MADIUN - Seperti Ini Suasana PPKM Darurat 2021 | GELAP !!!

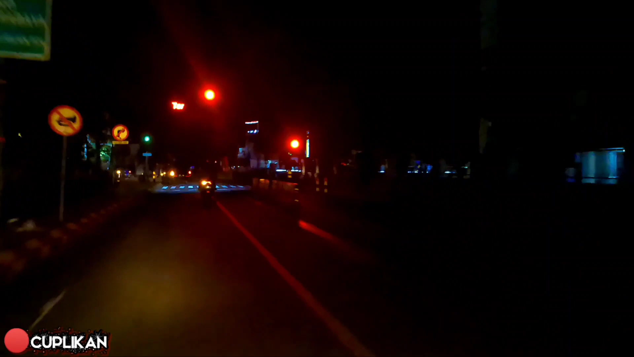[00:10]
disini itu juga sudah ditutup ya teman-teman ya Suasana dan disini biasanya banyak pedagang ya Itu juga sudah gak ada sama sekali
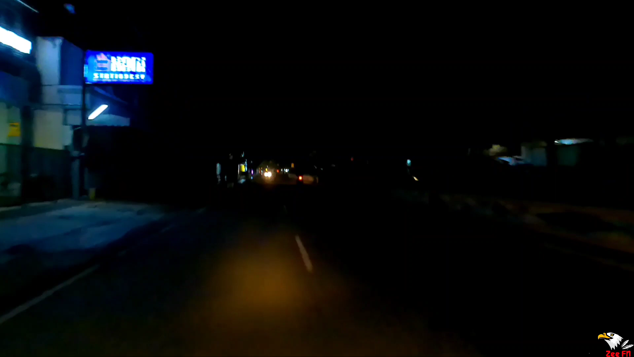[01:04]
Menuju arah ke Kota Madiun Jadi Saya akan berbagi informasi kepada teman-teman ini ya Yang disini Nah itu
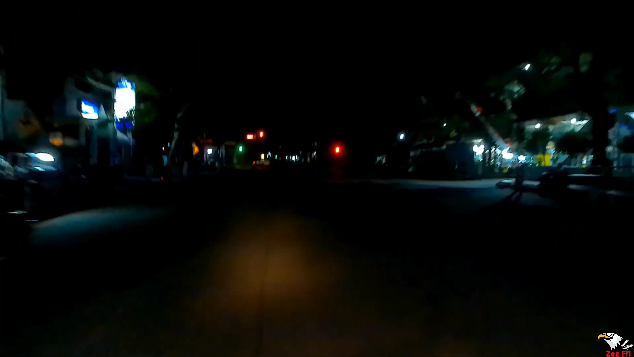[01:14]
Arah jalan menuju ke Kota Madiun ditutup dan disini itu benar-benar gelap gulita ya teman-teman Nah itu jalan masuk di Jalan Agus Salim ditutup total
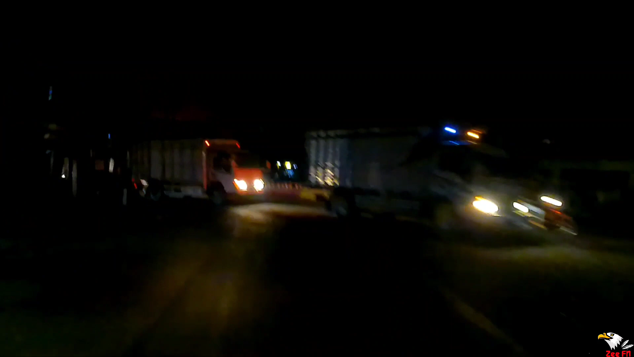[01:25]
Nah kita belok ke kiri ya kita harus diwajibkan belok ke kiri Belok ke kiri suasana seperti ini Madiun benar-benar sudah gelap ya ini bertepatan pada jam 8 lebih seperempat teman-teman Jadi kondisinya ya Seperti ini untuk pertokohan dan juga tempat-tempat makan ya disini itu semua sudah pada tutup teman-teman Seperti halnya Indomar minimarket juga disini
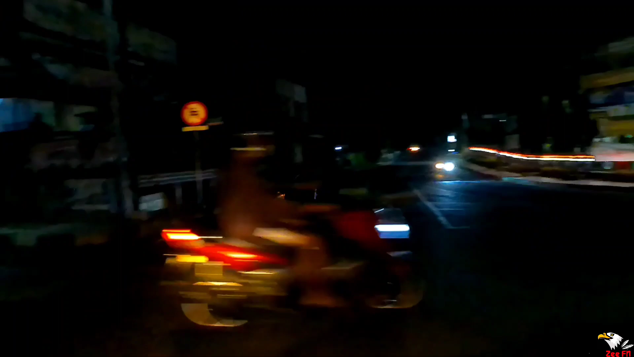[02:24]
Nah kita memasuki Jalan Meijen Sungkono teman-teman Kondisinya seperti ini di sebelah kanan saya adalah pom bensin ya Pom bensin di sekitaran Jalan Meijen Sungkono dan ini mengarah ke arah depan
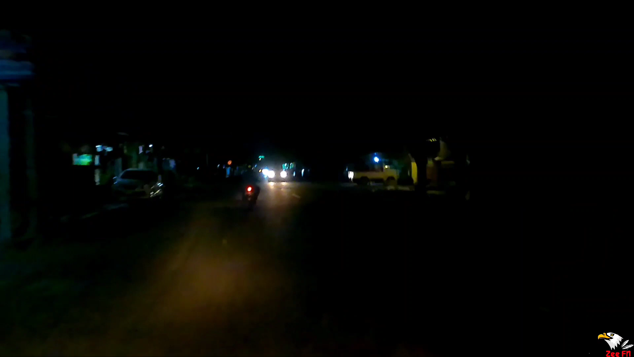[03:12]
Madiun itu kita tidak bisa melewatinya teman-teman Jadi kita tidak bisa masuk ke jalur kotanya Kita harus belok ke kanan ke arah Jalan Provinsi Madiun Surabaya Jadi itu ya beberapa titik penutupan jalan Ataupun PPKM darurat ini yang ada di tengah kota Madiun Nah ini depan adalah rumah sakit Aisyah Madiun ya Sampai kelewatan cerita yang ngomong aja Nah di depan adalah lampu merah ya
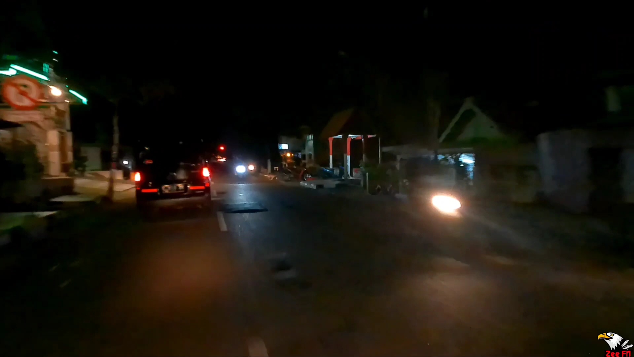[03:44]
Kita akan mencoba masuk di lampu merah itu teman-teman Nah ini agak saya gas Itu di depan ada lampu merah Kalau ke kanan kita menuju ke alun-alun kota Madiun Dan pastinya sudah ditutup ya Kita akan lurus masuk ke Jalan Pahlawan Oke teman-teman ini dah hijau ya Kita bisa melihatnya di bagian kanan kita itu ditutup ya Disisakan sedikit
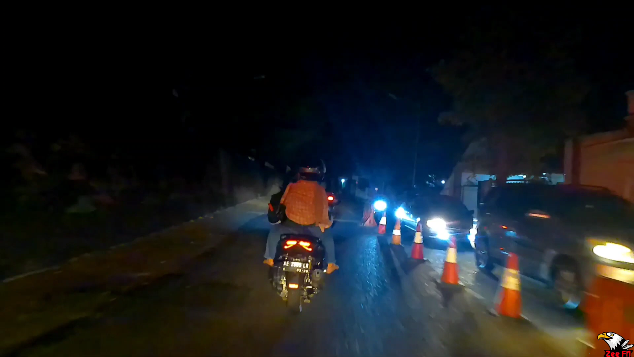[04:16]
Kita harus lurus ya teman-teman Di jalan ini Ini jalan opo dek mo ke bacot ya Ini
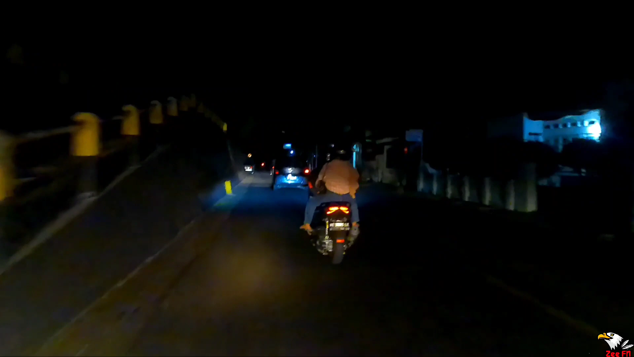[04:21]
jalan ataupun arah menuju ke Jalan Pahlawan Atau Pahlawan Street Center Jadi kondisi gelap-gulita ya Kalau di rumah-rumah warga ya Masih hidup lampunya Seperti ini Nah ini berdekatan dengan Jalan Kalibantaran teman-teman Di sebelah kiri saya ini Merupakan Kalibantaran Kota Madiun ya
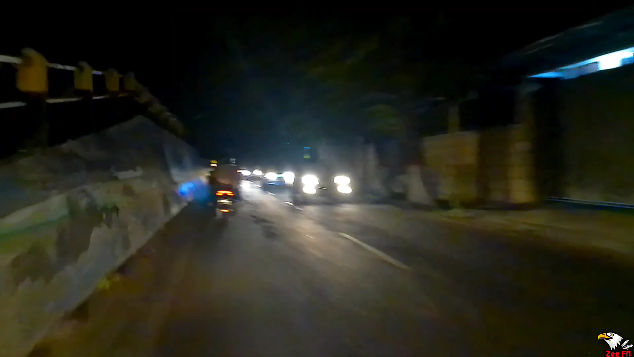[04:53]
Disini benar-benar sepi ya Sudah sepi banget Kalau mal-mal itu di kawasan Kota Madiun Tutup jam 8 teman-teman Batas tutupnya sampai jam 8 malam itu sudah harus tutup
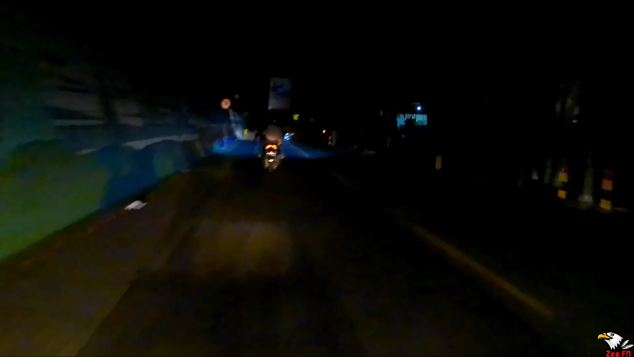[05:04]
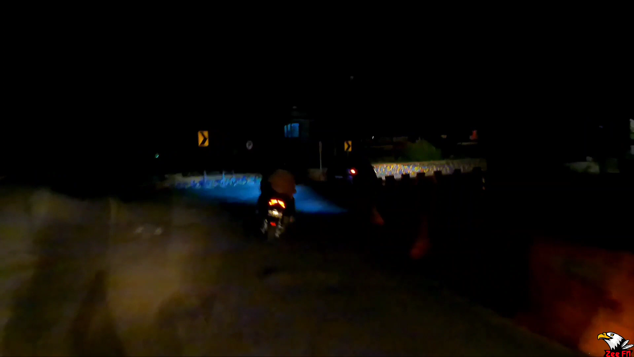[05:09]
Dan lampu-lampu penerangan jalan ya Ini berada di sekitar Taman Lalu Lintas Bantaran Madiun ya
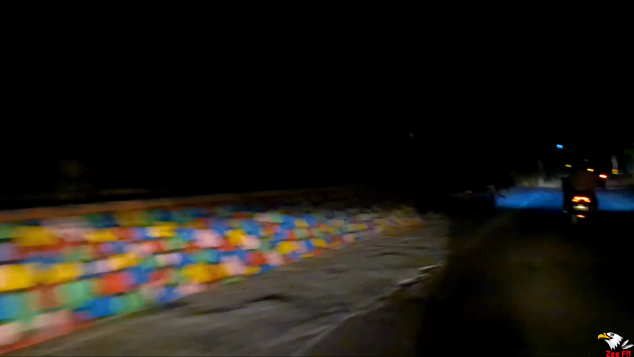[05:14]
Seperti ini kondisinya Jadi jalanannya masih Apa ya Masih rame kalau untuk kendaraan bermontor ya Tapi kalau untuk Suasana di sekitaran rumah-rumah Dan juga Jalan ya Ini adalah jalan akses menuju ke Alun-alun Kota Madiun ya Kita bisa melewat sini
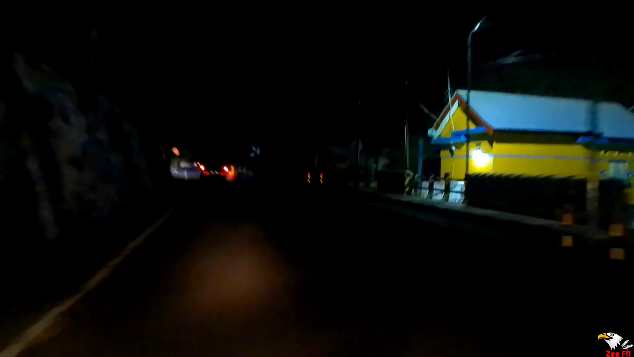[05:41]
Karena di depan itu Di jalan pahlawan street center itu Jalannya sudah ditutup ya Jadi otomatis Kita ini disini dibuatkan Dua jalur ya Untuk masuk ke sini Nah ini ada lampu merah Kita akan belok ke kiri Kalau ke kanan kita menuju ke jalan pahlawan street center Yang pastinya disini itu juga sudah ditutup ya Nah itu
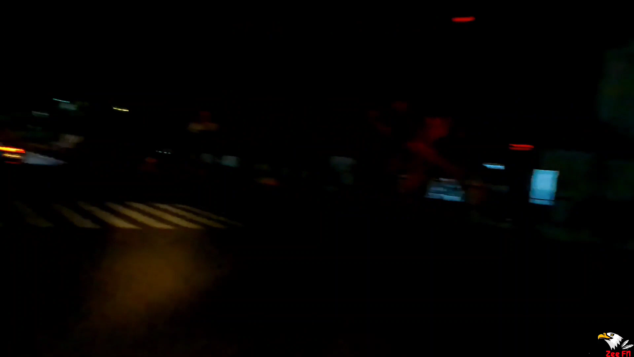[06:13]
Oke lampu-lampu juga sudah dimatikan ya Seperti ini Suasana dan kondisinya benar-benar sepi Kita akan masuk di Kawasan sebelah timur Kota Madiun teman-teman Nah ini ya Jalan pahlawan Dan disini taman makan pahlawan Taman makam pahlawan Kita masuk ke jalan R.A.
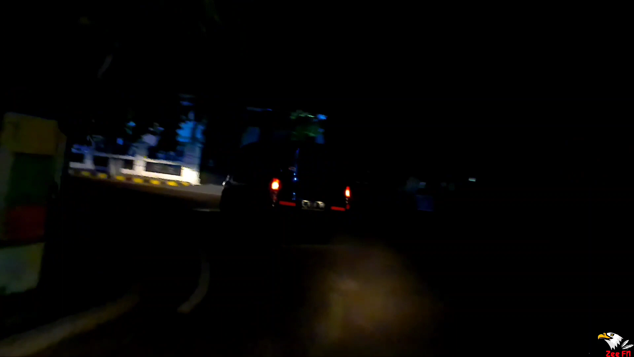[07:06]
Nah ini di sebelah kanan saya Merupakan pengadilan negeri Madiun ya
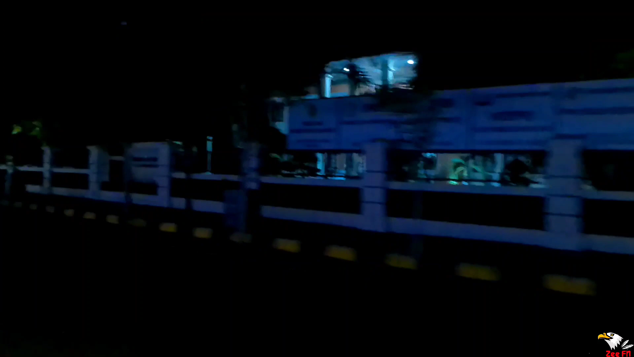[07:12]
Jalan R.A.
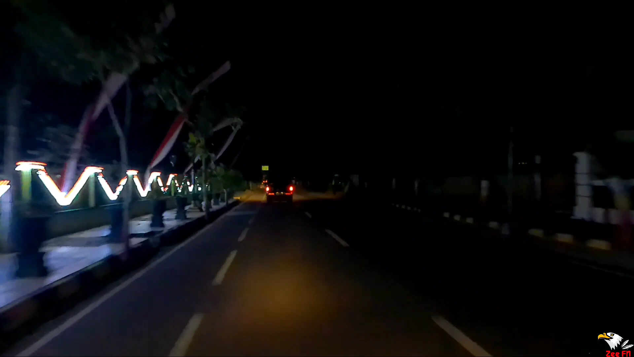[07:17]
Kartini Dari sini kita melurus mengarah ke timur teman-teman ya Kita akan melihat suasana di jalan Dia aku lali ya Saya itu nama jalan lupa teman-teman Kita berhenti sebentar ya Ada lampu merah
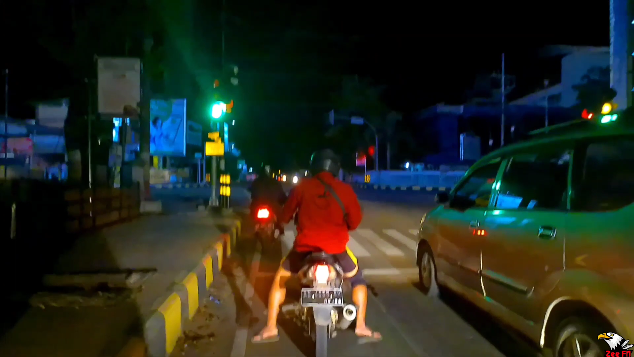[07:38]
Nah oke langsung hijau kita gas Kita memasuki
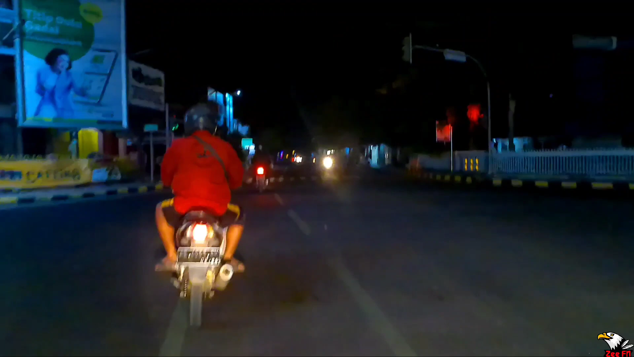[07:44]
jalan di Ponegoro teman-teman Nah jalan di Ponegoro ini ya Kenapa saya memasuki kawasan ini Karena saya akan belok di jalan Bali Nah sebentar
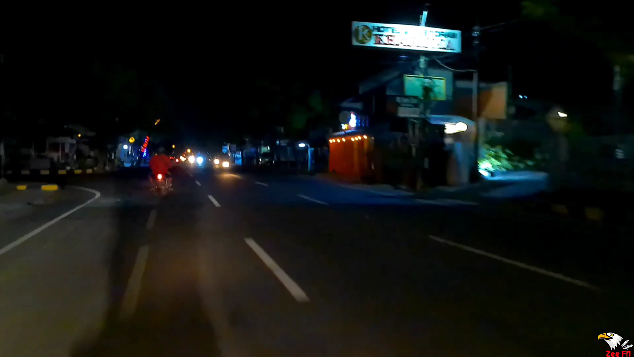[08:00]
Kita belok di jalan Bali teman-teman Aduh Kelewat
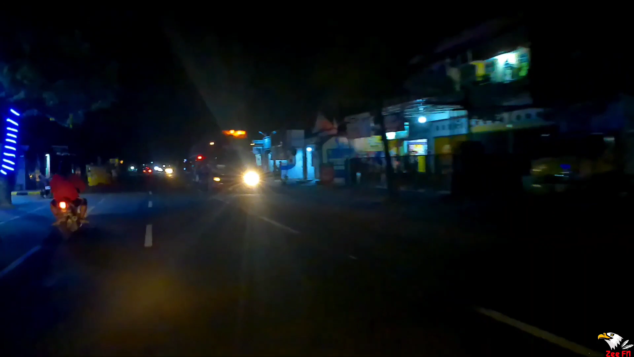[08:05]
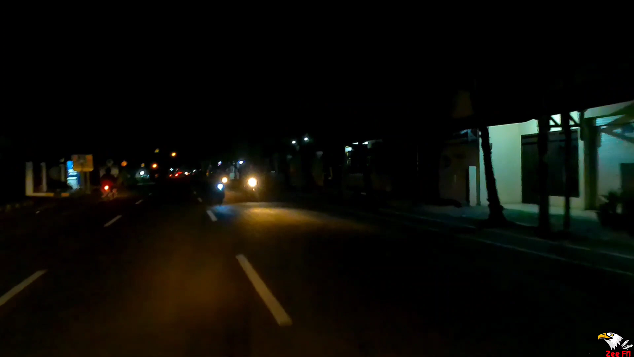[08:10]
Kita memasuki jalan Bali Karena disini itu banyak banget tempat-tempat makan seperti itu ya teman-teman Nah Dan disini kondisinya juga sudah tutup semua ya Madiun Jadi kalau Madiun kota itu Lampu penerangan jalan benar-benar sudah dimatikan ya Sekitar jam delapanan Tapi kalau untuk rumah-rumah warga disini ya Lampu di rumahnya warga seperti ini ya
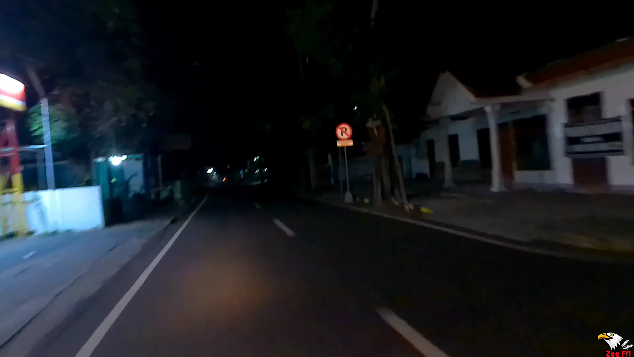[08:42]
Masih hidup teman-teman Masih aman terkendali hidup ya Dan kalau untuk tempat-tempat makan Di suasana di tengah kota Madiun ini Sudah pastinya sudah tutup semua Jadi sudah mematuhi protokol itu ya Peraturan dari PPKM darurat yang ada di kota Madiun Itu ya ada perempatan Kalau ke kiri kita menuju ke stadion Kalau ke kanan kita menuju ke pasar besar Nah kita belok ke kiri teman-teman
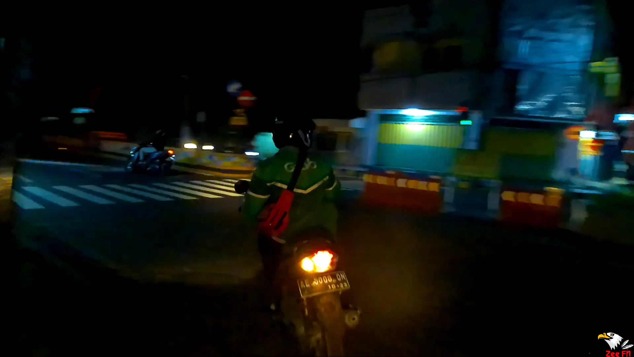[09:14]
Kita lihat suasana di sekitaran stadion Willis Kota Madiun Nah ini ya Di jalan ini ya Jalan ini itu Suasananya juga peteng gelap gulita ya teman-teman ya Sudah nggak ada yang buka sama sekali Di kiri kanan saya

##############################

Pick out, from the lines above, every one that contains the string "hijau".

### Result of the exercise:
Kita akan mencoba masuk di lampu merah itu teman-teman Nah ini agak saya gas Itu di depan ada lampu merah Kalau ke kanan kita menuju ke alun-alun kota Madiun Dan pastinya sudah ditutup ya Kita akan lurus masuk ke Jalan Pahlawan Oke teman-teman ini dah hijau ya Kita bisa melihatnya di bagian kanan kita itu ditutup ya Disisakan sedikit
Nah oke langsung hijau kita gas Kita memasuki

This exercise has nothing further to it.